Servers have had 1gbps Ethernet adapters built in for years, and S2io is banking on the steadily growing appetite for higher networking bandwidth. But it will be a long time before 10gbps is mainstream, predicted Insight64 analyst Nathan Brookwood.

"I don't think servers are going to be going to 10 gigabits en masse for quite a while," in part because the adapters use optical fibers to transmit data, rather than the less-expensive copper wires used for 1gbps networking, Brookwood said. "Until someone figures out how to do 10 gigabits over copper, it's going to be something only very large servers or switches tend to use."

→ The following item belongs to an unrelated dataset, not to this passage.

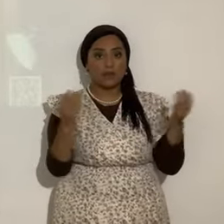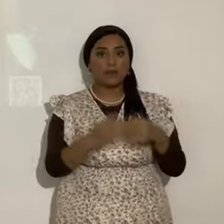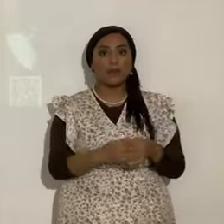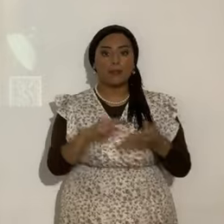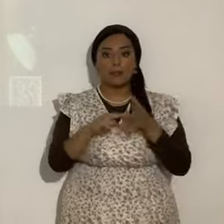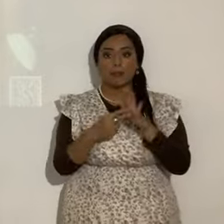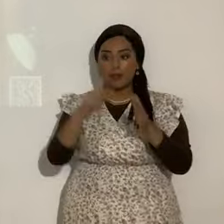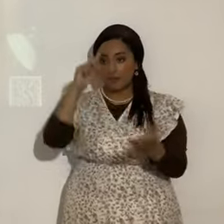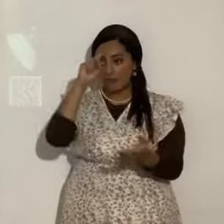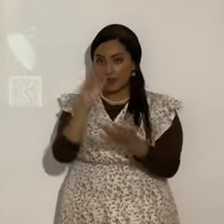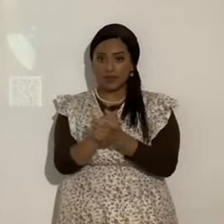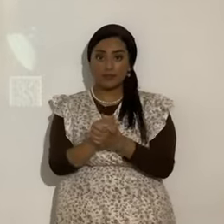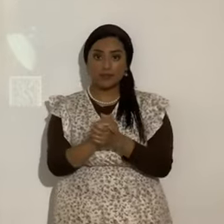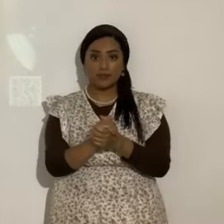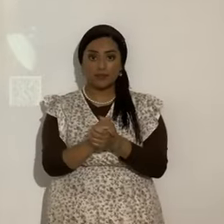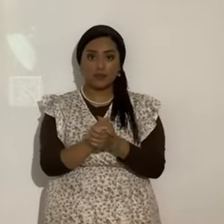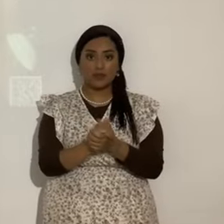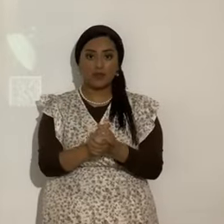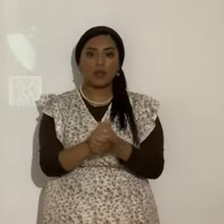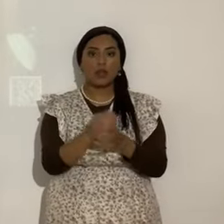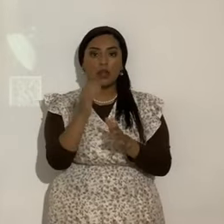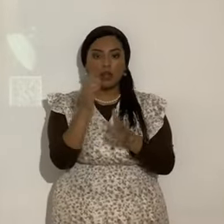creyó en el capítulo 17

S2io has partnerships with other server makers. Sun Microsystems announced a plan in August to build support for Xframe into its Solaris operating system for both its own Sparc processors and Advanced Micro Devices' Opteron chips. Silicon Graphics Inc. announced in May that it would offer the Xframe products. And Cray is offering the products on its XT3 supercomputers.

S2io's design uses a special-purpose processor to process network traffic encoded with the widely used TCP/IP standard that's the foundation of the Internet. That "offload" engine ensures that a server's main processor can perform useful work instead of spending most of its energy handling network traffic.